I am going to step out on a limb here and show my ignorance (or the "aha" moment I foolishly think I just had).
Would a "perfect multiplier" be akin to a "perfect" ring modulator? If the carrier frequencies corresponded to the two fundamental frequencies being compared, the output frequency (sum and difference of/between the fundamentals) should be the beat frequency?

Thinking hurts. I hope I got it. 

You asked for it...
including this,
this,
this,
and this...

[amptramp]

sin A + sin B = sin A+B + sin A-B
sin A * sin B = 0.5 (cos A-B - cos A+
If you are adding or multiplying these frequencies, use trig identities where angle is replaced by 2*pi*f and this is equal to A or B.  A perfect multiplier gives you sum and difference frequencies.

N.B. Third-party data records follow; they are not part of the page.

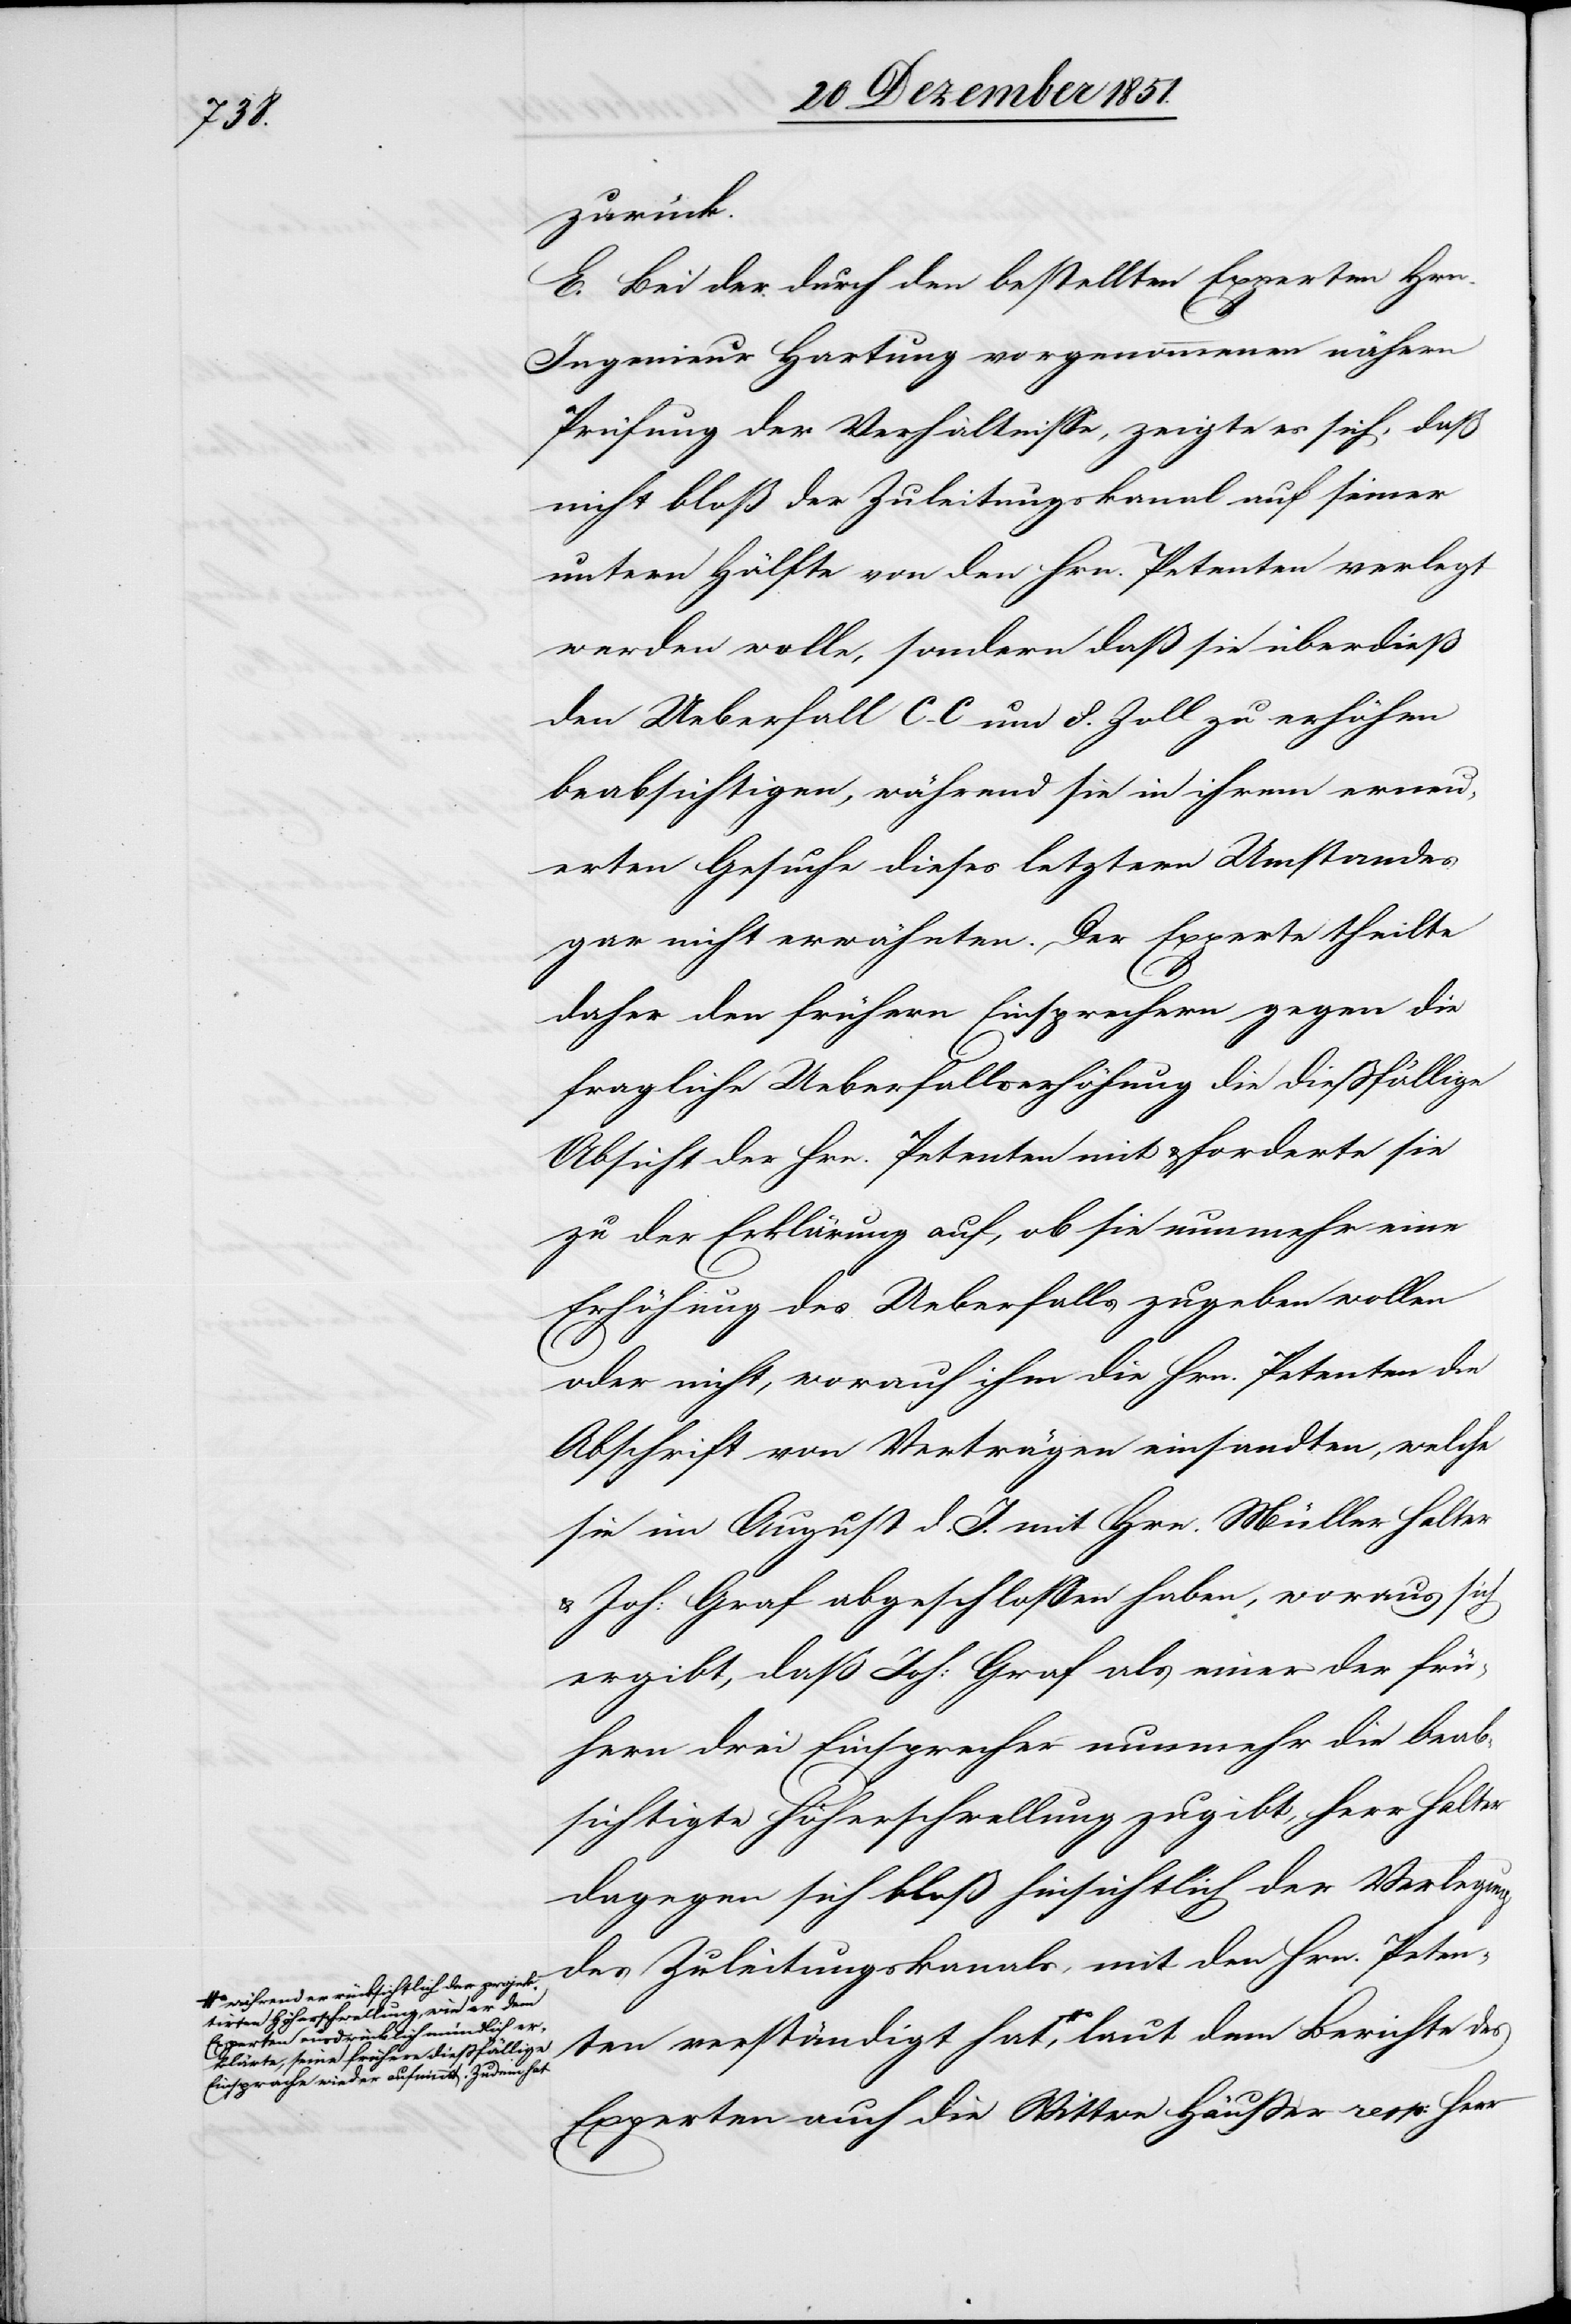
Exp¬

tirten Höherschwellung, wie er dem
erten ausdrücklich mündlich er¬
klärte, seine frühere dießfällige
Einsprache wieder aufnimmt. Zudem hat-a

zurück.
E. Bei der durch den bestellten Experten Hrn.
Ingenieur Hartung vorgenommenen nähern
Prüfung der Verhältnisse, zeigte es sich, daß
nicht bloß der Zuleitungskanal auf seiner
untern Hälfte von den Hrn. Petenten verlegt
werden wolle, sondern daß sie überdieß
den Ueberfall C-C um 8. Zoll zu erhöhen
beabsichtigen, während sie in ihrem erneu¬
erten Gesuche dieses letztern Umstandes
gar nicht erwähnten. Der Experte theilte
daher den frühern Einsprechern gegen die
fragliche Ueberfallserhöhung die dießfällige
Absicht der Hrn. Petenten mit & forderte sie
zu der Erklärung auf, ob sie nunmehr eine
Erhöhung des Ueberfalls zugeben wollen
oder nicht, worauf ihm die Hrn. Petenten die
Abschrift von Verträgen einsandten, welche
sie im August d. J. mit Hrn. Müller Halter
Joh: Graf abgeschlossen haben, woraus sich
ergibt, daß Joh: Graf als einer der frü¬
hern drei Einsprecher nunmehr die beab¬
sichtigte Höherschwellung zugibt, Herr Halter
dagegen sich bloß hinsichtlich der Verlegung
des Zuleitungskanals, mit den Hrn. Peten¬
ten verständigt hat, a-während er rücksichtlich
Experten auch die Wittwe Häußer resp: Herr

I am going to step out on a limb here and show my ignorance (or the "aha" moment I foolishly think I just had).
Would a "perfect multiplier" be akin to a "perfect" ring modulator? If the carrier frequencies corresponded to the two fundamental frequencies being compared, the output frequency (sum and difference of/between the fundamentals) should be the beat frequency?

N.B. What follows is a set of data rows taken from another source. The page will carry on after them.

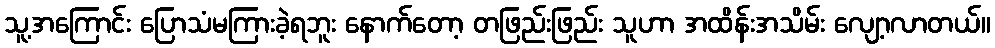
သူ့အကြောင်း ပြောသံမကြားခဲ့ရဘူး နောက်တော့ တဖြည်းဖြည်း သူဟာ အထိန်းအသိမ်း လျော့လာတယ်။
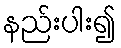
နည်းပါး၍
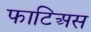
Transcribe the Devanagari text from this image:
फाटिअस
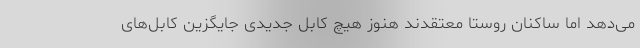
می‌دهد اما ساکنان روستا معتقدند هنوز هیچ کابل جدیدی جایگزین کابل‌های
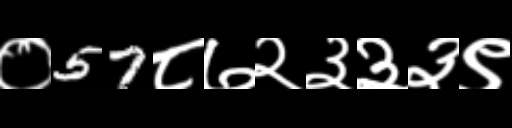
Text: ०57८७२३३३९
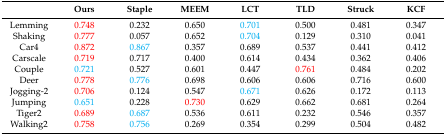
<table><thead><tr><td></td><td><b>Ours</b></td><td><b>Staple</b></td><td><b>MEEM</b></td><td><b>LCT</b></td><td><b>TLD</b></td><td><b>Struck</b></td><td><b>KCF</b></td></tr></thead><tbody><tr><td>Lemming</td><td>0.748</td><td>0.232</td><td>0.650</td><td>0.701</td><td>0.500</td><td>0.481</td><td>0.347</td></tr><tr><td>Shaking</td><td>0.777</td><td>0.057</td><td>0.652</td><td>0.704</td><td>0.129</td><td>0.310</td><td>0.041</td></tr><tr><td>Car4</td><td>0.872</td><td>0.867</td><td>0.357</td><td>0.689</td><td>0.537</td><td>0.441</td><td>0.412</td></tr><tr><td>Carscale</td><td>0.719</td><td>0.717</td><td>0.400</td><td>0.614</td><td>0.434</td><td>0.362</td><td>0.406</td></tr><tr><td>Couple</td><td>0.721</td><td>0.527</td><td>0.601</td><td>0.447</td><td>0.761</td><td>0.484</td><td>0.202</td></tr><tr><td>Deer</td><td>0.778</td><td>0.776</td><td>0.698</td><td>0.606</td><td>0.606</td><td>0.716</td><td>0.600</td></tr><tr><td>Jogging-2</td><td>0.706</td><td>0.124</td><td>0.547</td><td>0.671</td><td>0.626</td><td>0.172</td><td>0.113</td></tr><tr><td>Jumping</td><td>0.651</td><td>0.228</td><td>0.730</td><td>0.629</td><td>0.662</td><td>0.681</td><td>0.264</td></tr><tr><td>Tiger2</td><td>0.689</td><td>0.687</td><td>0.536</td><td>0.611</td><td>0.232</td><td>0.546</td><td>0.357</td></tr><tr><td>Walking2</td><td>0.758</td><td>0.756</td><td>0.269</td><td>0.354</td><td>0.299</td><td>0.504</td><td>0.482</td></tr></tbody></table>

Thinking hurts. I hope I got it.  

Similar, but not quite the same.  The ring modulator takes in one analog channel A but uses the other channel B to switch its polarity at the output.  The analog input A is modulated by the switching which is no longer a single-frequency sine wave but a square wave.  The square wave contains the fundamental, 1/3 of the third harmonic, 1/5 of the fifth harmonic, 1/7 of the seventh harmonic etc.  The result is, you have the trig products of A and B, A and 3B, A and 5B etc. so you have A ± B, A ± 3B, A ± 5B, A ± 7B etc.  Some of these things are interesting musically but others may not be.  You can get some interesting effects with harmonics.  Everyone knows that if you double the frequency, you go up an octave, but not as many know that if you triple the frequency of a note, say A at 110 Hz, you get 330 Hz which is close but not quite equal to E 329.6 Hz on the evenly-tempered scale.  You then get subtle (and sometimes not so subtle) modulation caused by the difference frequency of 330 and 329.6 Hz, giving you a tremolo with a 0.4 Hz or 2.5 second period.  This would be noticeable if signal A was a chord with 110 Hz and some 329.6 Hz.

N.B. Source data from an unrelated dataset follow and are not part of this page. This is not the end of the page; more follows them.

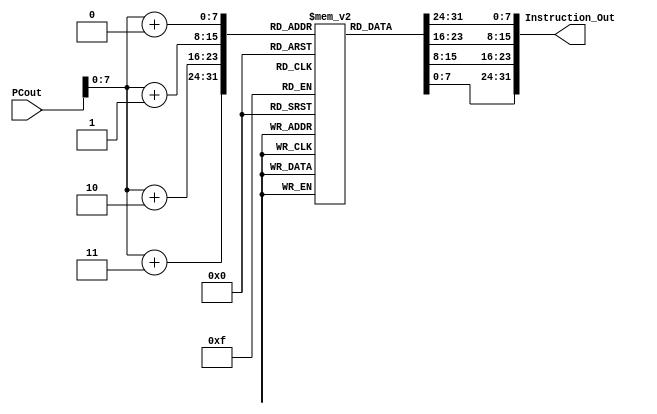
`timescale 1ns / 1ps
//////////////////////////////////////////////////////////////////////////////////
// Company: 
// Engineer: 
// 
// Design Name: 
// Module Name:    IM 
// Project Name: 
// Target Devices: 
// Tool versions: 
// Description: 
//
// Dependencies: 
//
// Revision: 
// Revision 0.01 - File Created
// Additional Comments: 
//
//////////////////////////////////////////////////////////////////////////////////
module IM(PCout,Instruction_Out);
		input [63:0] PCout;
		output [31:0] Instruction_Out;
		reg [7:0] IM [0:255];
		
		initial 
		begin
		
		// LDUR X1, [X31, #8]
		// 11111000010_000001000_00_11111_00001
		IM[0] = 8'hF8;
		IM[1] = 8'h40;
		IM[2] = 8'h83;
		IM[3] = 8'hE1;
		
		//LDUR X2, [X31,#16]
		// 11111000010_000010000_00_11111_00010
		IM[4] = 8'hF8;
		IM[5] = 8'h41;
		IM[6] = 8'h03;
		IM[7] = 8'hE2;
		
		//LDUR X3, [X31,#24]
		// 11111000010_000011000_00_11111_00011
		IM[8] = 8'hF8;
		IM[9] = 8'h41;
		IM[10] = 8'h83;
		IM[11] = 8'hE3;
		
		//LDUR X4, [X31,#32]
		// 11111000010_000100000_00_11111_00100
		IM[12] = 8'hF8;
		IM[13] = 8'h42;
		IM[14] = 8'h03;
		IM[15] = 8'hE4;
		
		//LDUR X5, [X31,#40]
		// 11111000010_000101000_00_11111_00101
		IM[16] = 8'hF8;
		IM[17] = 8'h42;
		IM[18] = 8'h83;
		IM[19] = 8'hE5;
		
		//LDUR X6, [X31,#48]
		// 11111000010_000110000_00_11111_00110
		IM[20] = 8'hF8;
		IM[21] = 8'h43;
		IM[22] = 8'h03;
		IM[23] = 8'hE6;
		
		//LDUR X7, [X31,#56]
		// 11111000010_000111000_00_11111_00111
		IM[24] = 8'hF8;
		IM[25] = 8'h43;
		IM[26] = 8'h83;
		IM[27] = 8'hE7;
		
		
		//LDUR X8, [X31,#64]
		// 11111000010_001000000_00_11111_01000
		IM[28] = 8'hF8;
		IM[29] = 8'h44;
		IM[30] = 8'h03;
		IM[31] = 8'hE8;
		
		//LDUR X9, [X31,#72]
		// 11111000010_001001000_00_11111_01001
		IM[32] = 8'hF8;
		IM[33] = 8'h44;
		IM[34] = 8'h83;
		IM[35] = 8'hE9;
		
		
		//LDUR X10, [X31,#80]
		// 11111000010_001010000_00_11111_01010
		IM[36] = 8'hF8;
		IM[37] = 8'h45;
		IM[38] = 8'h03;
		IM[39] = 8'hEA;
		
		//LDUR X11, [X31,#88]
		// 11111000010_001011000_00_11111_01011
		IM[40] = 8'hF8;
		IM[41] = 8'h45;
		IM[42] = 8'h83;
		IM[43] = 8'hEB;
		
		//LDUR X12, [X31,#96]
		// 11111000010_001100000_00_11111_01100
		IM[44] = 8'hF8;
		IM[45] = 8'h46;
		IM[46] = 8'h03;
		IM[47] = 8'hEC;
		
		//ADD X2, X1, X3
		// 10001011000_00011_000000_00001_00010
		IM[48] = 8'h8B;
		IM[49] = 8'h03;
		IM[50] = 8'h00;
		IM[51] = 8'h22;
		
		
		//SUB X6, X5, X4
		// 11001011000_00100_000000_00101_00110
		IM[52] = 8'hCB;
		IM[53] = 8'h04;
		IM[54] = 8'h00;
		IM[55] = 8'hA6;
		
		//OR X9, X7, X8
		// 10101010000_01000_000000_00111_01001
		IM[56] = 8'hAA;
		IM[57] = 8'h08;
		IM[58] = 8'h00;
		IM[59] = 8'hE9; 
		
		
		//AND X12, X10, X11	
		// 10001010000_01011_000000_01010_01100
		IM[60] = 8'h8A;
		IM[61] = 8'h0B;
		IM[62] = 8'h01;
		IM[63] = 8'h4C; 
		
		
		end
		
		
		assign Instruction_Out = {IM[PCout+0],IM[PCout+1],IM[PCout+2],IM[PCout+3]};
		
		
endmodule

Take an Advil and keep reading:

If you watch muscal instruments on a scope, you can lock the trigger on one part of the waveform and see other parts running back and forth since most musical instruments do not have a true harmonic relation between each other.  One item of test data I am familiar with is to pluck an acoustic guitar string at 300 Hz.  You will have partials (slightly off-frequency harmonics) at 595.4 Hz, 897 Hz, 1198.1 Hz and 1500 Hz.  The detuning effect of delivering energy to the hole under the strings in an acoustic guitar is greatest for the partials that put maximum deflection over the hole.  The ratios are 1.00, 1.985, 2.99, 3.984 and 5.00 in this case.  If the partials were actual harmonics, the sound would be like a low-grade electronic organ with dividers for each note.  We all know how non-musical that sounds.  It is the slight detuning of the partials from true harmonic multiples that make an instrument come alive with subtle nuanced beat notes that give it character.

[Jazznoise]

AmpTramp +1 for the acoustics theory.

The harmonicity of a string does mess with all of this a little. A guitar is a very complex source with alot of partials, so I tend to find fundamentals and 1st harmonics the easiest to play off of with a Ring Modulator. If you use a scale closely matched to the Harmonci Series like a Just Intonation Lydian Dominant (An ET Lydian Dominant will do fine) you'll find the sidebands are often quite harmonic and generate melodies of their own.

Which makes you wonder how we heard the harmonic series and made scales out of it, and how exactly is our brain relating this information back to itself!